Records for this task

───

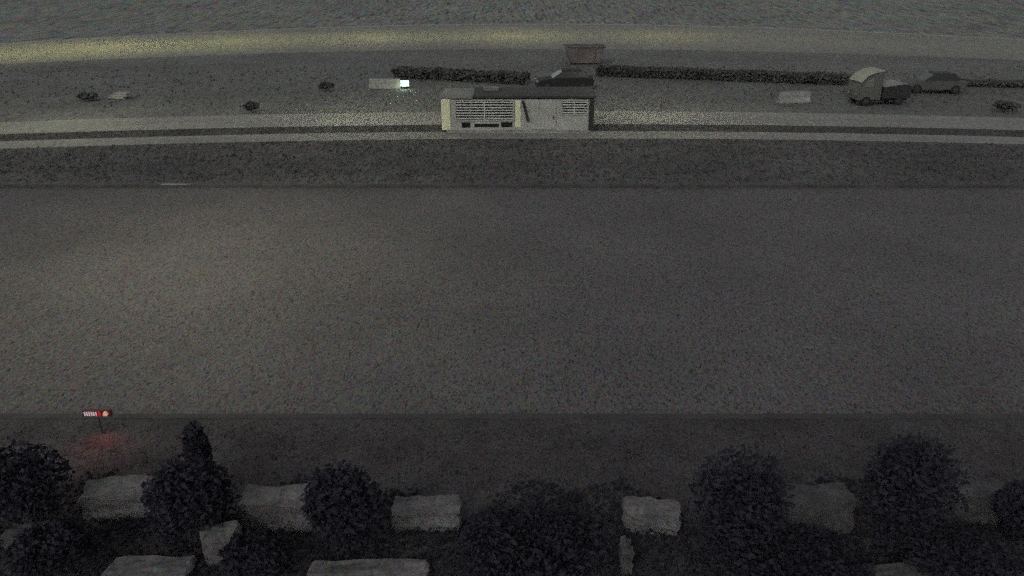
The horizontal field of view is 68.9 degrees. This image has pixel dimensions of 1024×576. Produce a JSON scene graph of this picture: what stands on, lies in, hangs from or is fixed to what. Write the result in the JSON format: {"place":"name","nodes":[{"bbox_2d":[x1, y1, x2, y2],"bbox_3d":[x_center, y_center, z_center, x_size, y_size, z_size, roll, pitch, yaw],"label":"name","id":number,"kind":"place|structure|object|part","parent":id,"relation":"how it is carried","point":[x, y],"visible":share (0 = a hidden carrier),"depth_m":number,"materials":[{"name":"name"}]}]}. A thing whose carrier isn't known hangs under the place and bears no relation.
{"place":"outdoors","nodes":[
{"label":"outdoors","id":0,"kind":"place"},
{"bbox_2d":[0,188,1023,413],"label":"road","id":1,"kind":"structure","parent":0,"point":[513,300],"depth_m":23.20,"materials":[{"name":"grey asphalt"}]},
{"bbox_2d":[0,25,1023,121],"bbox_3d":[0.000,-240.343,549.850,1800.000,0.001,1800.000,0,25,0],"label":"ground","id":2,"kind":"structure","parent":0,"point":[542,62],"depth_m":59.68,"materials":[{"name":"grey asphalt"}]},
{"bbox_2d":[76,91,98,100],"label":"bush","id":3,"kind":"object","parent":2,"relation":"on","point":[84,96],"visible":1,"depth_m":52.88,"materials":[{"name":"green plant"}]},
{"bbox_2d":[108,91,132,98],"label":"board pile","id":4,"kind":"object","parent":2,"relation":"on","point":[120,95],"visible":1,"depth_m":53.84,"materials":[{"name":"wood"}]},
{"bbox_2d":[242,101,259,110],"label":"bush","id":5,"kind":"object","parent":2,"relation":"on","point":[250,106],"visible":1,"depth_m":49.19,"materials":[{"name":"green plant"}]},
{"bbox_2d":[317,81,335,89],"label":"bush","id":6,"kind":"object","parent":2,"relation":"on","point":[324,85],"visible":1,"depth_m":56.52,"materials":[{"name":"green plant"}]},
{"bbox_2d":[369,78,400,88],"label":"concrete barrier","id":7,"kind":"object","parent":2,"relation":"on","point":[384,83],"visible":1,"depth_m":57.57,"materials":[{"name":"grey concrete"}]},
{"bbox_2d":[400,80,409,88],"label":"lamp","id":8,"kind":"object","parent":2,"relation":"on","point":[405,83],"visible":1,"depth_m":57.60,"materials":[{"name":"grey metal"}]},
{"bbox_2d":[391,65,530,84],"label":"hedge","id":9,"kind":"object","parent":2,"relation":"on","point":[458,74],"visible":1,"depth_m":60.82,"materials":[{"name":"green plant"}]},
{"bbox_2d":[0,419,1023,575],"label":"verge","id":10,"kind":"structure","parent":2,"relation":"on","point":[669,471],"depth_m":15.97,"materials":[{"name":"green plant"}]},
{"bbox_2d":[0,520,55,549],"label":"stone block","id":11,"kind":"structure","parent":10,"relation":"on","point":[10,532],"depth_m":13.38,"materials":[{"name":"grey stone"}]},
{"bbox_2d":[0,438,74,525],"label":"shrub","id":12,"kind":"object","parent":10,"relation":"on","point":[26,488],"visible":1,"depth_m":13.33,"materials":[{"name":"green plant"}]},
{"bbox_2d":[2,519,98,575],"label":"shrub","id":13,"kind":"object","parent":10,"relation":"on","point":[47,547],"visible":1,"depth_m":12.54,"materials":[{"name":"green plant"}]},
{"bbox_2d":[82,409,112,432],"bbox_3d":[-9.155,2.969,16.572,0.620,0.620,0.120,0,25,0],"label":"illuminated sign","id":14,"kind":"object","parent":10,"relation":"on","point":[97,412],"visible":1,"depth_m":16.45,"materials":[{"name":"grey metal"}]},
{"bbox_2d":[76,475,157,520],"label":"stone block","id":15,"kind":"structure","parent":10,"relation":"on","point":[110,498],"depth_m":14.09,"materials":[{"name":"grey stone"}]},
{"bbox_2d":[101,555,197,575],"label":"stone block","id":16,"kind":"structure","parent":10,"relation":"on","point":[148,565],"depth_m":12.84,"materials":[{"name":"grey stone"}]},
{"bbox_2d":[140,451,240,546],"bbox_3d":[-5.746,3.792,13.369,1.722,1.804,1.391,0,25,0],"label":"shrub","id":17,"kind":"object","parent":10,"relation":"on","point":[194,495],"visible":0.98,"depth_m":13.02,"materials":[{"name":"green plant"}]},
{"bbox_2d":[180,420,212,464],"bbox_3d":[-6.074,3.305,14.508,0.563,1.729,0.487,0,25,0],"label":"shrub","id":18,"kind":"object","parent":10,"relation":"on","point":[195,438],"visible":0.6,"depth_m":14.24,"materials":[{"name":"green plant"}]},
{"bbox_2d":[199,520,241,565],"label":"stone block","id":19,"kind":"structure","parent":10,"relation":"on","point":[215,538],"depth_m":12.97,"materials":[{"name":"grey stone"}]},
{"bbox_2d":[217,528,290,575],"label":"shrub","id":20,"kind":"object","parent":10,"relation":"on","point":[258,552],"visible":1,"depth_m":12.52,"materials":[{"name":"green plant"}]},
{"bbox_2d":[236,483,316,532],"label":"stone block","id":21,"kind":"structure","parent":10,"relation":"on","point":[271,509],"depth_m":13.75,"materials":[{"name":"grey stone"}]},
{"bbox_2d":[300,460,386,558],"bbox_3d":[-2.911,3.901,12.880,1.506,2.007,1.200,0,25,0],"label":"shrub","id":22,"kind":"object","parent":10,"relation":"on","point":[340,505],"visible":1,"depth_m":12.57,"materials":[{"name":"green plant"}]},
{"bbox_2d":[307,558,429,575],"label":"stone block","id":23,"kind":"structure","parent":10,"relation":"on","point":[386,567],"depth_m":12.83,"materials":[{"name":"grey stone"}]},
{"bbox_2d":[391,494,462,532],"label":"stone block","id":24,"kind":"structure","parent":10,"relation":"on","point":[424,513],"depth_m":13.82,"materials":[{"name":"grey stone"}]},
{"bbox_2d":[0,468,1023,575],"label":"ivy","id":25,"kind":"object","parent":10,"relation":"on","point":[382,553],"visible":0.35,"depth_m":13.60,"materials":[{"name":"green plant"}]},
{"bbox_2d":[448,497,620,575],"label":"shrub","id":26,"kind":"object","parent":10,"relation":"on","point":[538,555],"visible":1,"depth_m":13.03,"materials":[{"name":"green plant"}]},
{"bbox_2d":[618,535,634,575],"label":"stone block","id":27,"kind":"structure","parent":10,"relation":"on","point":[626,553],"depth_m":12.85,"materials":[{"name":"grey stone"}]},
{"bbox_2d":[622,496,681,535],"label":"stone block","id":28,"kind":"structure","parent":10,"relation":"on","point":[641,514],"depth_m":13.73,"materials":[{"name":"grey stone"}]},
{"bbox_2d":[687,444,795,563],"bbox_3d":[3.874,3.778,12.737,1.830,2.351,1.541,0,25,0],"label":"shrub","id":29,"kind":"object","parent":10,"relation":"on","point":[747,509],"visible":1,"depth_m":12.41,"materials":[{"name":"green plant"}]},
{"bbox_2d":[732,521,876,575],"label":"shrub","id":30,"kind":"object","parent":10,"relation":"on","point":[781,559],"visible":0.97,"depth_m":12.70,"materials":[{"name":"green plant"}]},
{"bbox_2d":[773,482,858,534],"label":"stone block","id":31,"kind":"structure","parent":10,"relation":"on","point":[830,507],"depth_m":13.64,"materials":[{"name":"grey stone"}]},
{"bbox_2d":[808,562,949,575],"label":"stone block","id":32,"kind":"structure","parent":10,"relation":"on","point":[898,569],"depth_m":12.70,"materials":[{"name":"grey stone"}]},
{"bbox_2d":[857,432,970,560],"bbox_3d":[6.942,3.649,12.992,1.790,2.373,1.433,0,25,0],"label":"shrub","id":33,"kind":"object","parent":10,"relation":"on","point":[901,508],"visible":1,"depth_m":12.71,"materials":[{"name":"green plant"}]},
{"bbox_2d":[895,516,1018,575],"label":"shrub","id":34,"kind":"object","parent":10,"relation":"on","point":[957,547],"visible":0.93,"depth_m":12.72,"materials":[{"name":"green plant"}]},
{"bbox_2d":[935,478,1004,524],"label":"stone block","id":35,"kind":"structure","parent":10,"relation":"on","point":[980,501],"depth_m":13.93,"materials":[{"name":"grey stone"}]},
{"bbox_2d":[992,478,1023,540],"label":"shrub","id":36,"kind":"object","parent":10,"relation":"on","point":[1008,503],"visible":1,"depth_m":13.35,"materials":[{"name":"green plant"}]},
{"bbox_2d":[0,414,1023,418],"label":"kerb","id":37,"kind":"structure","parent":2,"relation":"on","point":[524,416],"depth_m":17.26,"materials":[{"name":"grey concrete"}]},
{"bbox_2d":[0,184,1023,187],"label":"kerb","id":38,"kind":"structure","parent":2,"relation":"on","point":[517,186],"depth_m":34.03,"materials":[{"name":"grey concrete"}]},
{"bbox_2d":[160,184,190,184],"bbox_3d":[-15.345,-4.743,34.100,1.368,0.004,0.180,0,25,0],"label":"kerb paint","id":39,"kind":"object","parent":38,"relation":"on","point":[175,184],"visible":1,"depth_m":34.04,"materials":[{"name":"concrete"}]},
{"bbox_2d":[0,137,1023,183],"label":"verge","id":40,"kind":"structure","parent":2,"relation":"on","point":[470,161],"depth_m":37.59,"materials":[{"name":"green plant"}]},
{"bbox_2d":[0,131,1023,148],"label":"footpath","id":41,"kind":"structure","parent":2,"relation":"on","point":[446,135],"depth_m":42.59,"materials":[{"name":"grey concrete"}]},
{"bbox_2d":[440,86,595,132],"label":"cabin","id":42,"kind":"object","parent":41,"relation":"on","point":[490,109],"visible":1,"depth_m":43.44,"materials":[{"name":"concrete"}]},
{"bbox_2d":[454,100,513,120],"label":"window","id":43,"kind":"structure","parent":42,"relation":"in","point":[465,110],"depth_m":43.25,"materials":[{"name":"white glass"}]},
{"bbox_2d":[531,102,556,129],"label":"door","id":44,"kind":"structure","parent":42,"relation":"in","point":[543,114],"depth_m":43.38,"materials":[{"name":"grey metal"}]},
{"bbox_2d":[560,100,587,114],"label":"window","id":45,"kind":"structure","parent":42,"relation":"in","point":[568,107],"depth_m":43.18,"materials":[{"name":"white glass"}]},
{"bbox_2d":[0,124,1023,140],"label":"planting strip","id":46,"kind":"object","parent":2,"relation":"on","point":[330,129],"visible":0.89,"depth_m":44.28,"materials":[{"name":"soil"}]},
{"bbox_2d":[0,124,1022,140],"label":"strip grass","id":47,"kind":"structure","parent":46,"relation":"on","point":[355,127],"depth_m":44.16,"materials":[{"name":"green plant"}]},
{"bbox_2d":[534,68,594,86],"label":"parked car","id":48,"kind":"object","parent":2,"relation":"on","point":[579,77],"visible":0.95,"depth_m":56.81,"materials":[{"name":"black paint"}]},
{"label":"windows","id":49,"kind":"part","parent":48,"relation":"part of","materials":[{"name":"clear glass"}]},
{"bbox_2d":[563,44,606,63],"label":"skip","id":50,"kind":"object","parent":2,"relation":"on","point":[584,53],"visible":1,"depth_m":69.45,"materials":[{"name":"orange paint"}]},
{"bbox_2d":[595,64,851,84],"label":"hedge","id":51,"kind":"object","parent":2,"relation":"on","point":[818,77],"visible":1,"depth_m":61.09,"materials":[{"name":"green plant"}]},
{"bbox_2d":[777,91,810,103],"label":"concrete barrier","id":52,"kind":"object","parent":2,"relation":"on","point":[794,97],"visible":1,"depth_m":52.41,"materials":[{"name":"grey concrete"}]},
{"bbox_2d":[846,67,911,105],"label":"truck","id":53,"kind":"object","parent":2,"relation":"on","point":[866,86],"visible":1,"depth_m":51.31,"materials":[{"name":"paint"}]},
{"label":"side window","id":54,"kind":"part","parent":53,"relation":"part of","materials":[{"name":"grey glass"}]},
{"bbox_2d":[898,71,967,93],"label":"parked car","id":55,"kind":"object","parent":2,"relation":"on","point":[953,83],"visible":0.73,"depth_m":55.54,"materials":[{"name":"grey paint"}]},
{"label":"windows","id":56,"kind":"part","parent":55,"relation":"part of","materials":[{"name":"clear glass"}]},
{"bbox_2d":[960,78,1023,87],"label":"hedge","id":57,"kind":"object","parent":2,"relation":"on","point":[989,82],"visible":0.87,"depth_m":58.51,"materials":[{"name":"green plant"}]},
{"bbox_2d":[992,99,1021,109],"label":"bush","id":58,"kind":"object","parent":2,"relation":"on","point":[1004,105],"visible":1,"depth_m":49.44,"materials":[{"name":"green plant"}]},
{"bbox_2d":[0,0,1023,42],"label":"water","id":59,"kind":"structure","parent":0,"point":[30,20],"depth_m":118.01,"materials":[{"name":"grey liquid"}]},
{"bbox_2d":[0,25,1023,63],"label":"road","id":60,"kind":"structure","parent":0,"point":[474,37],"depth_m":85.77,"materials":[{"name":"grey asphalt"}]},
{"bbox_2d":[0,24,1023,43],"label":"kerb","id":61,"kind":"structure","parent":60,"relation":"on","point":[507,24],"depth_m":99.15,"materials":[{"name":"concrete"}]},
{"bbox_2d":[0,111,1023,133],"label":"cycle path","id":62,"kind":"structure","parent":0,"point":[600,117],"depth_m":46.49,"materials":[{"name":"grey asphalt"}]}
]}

───

Instructions for the task
Within the records above, each line containing "hedge" is to be returned.

Your solution
{"bbox_2d":[391,65,530,84],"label":"hedge","id":9,"kind":"object","parent":2,"relation":"on","point":[458,74],"visible":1,"depth_m":60.82,"materials":[{"name":"green plant"}]},
{"bbox_2d":[595,64,851,84],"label":"hedge","id":51,"kind":"object","parent":2,"relation":"on","point":[818,77],"visible":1,"depth_m":61.09,"materials":[{"name":"green plant"}]},
{"bbox_2d":[960,78,1023,87],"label":"hedge","id":57,"kind":"object","parent":2,"relation":"on","point":[989,82],"visible":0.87,"depth_m":58.51,"materials":[{"name":"green plant"}]},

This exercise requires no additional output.